1.	Biology of embryonic stem cells Michael B. Morris, Joy Rathjen, Rebecca A. Keough and Peter D. Rathjen

1.1 Introduction

The first reports of cultured pluripotent mouse embryonic stem (ES) cell lines appeared more than 20 years ago (Evans and Kaufman, 1981; Martin, 1981). Early optimism that equivalent cell lines could be established from other mammalian species was not realized and until recently the mouse remained the only mammalian species from which stable pluripotent cell lines could be isolated. Accordingly, mouse ES cells have become the paradigm for the study and exploitation of mammalian stem cells.
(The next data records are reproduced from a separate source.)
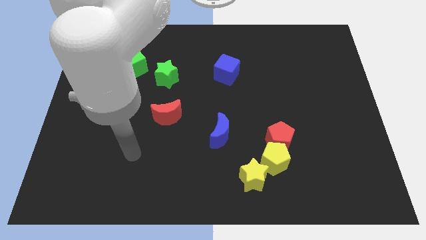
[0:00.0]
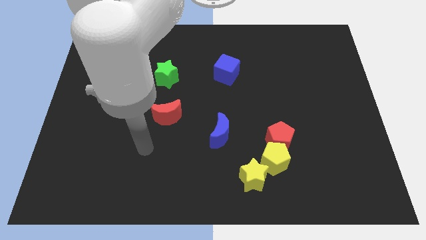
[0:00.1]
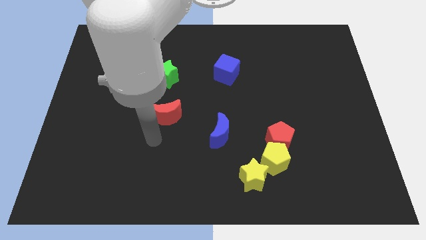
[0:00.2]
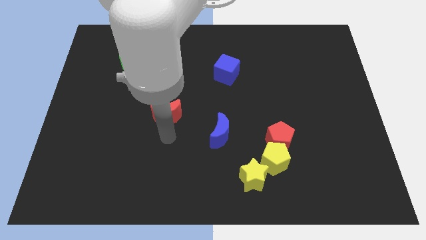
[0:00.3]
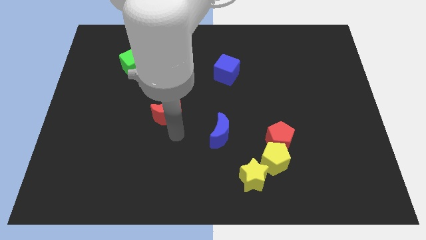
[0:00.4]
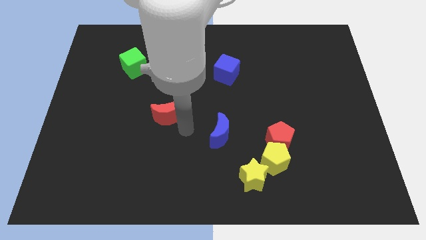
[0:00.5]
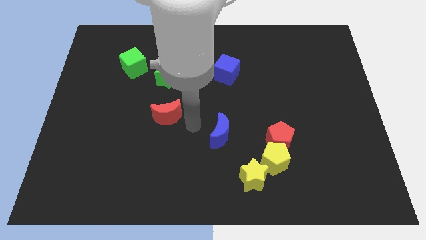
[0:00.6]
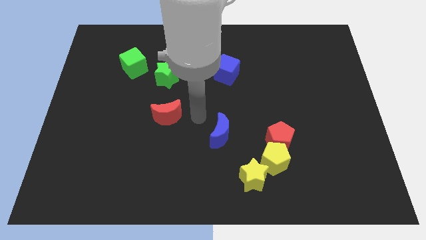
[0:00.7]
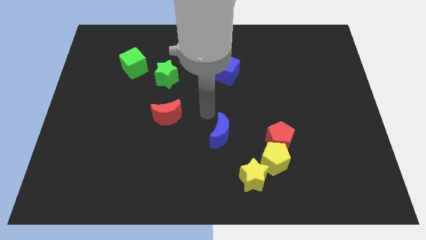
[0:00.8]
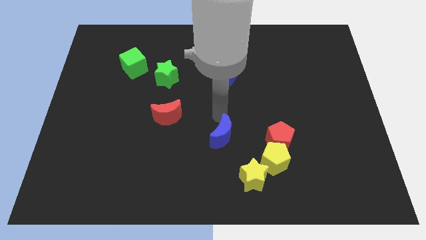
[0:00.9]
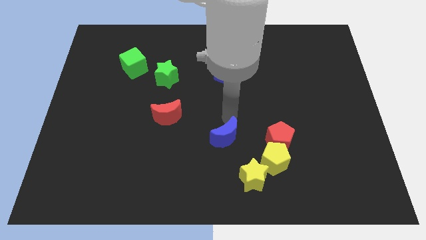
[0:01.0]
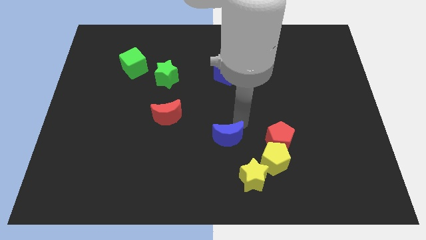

The greatest impact of ES cells over the last 20 years has been the development of gene targeting technology, in which ES cells provide a vector for the creation and analysis of precise alterations to the mouse genome. Experimental analysis and manipulation of ES cells has also increased our knowledge of the biochemical basis of pluripotence and extended our understanding of embryogenesis, principally in the processes of differentiation and cell fate determination. The lessons learned from mouse ES cells will inform the characterization of the recently established human ES cell lines (Thomson et al., 1998; Reubinoff et al., 2000), and the application of these cells to the study of human development and treatment of human disease.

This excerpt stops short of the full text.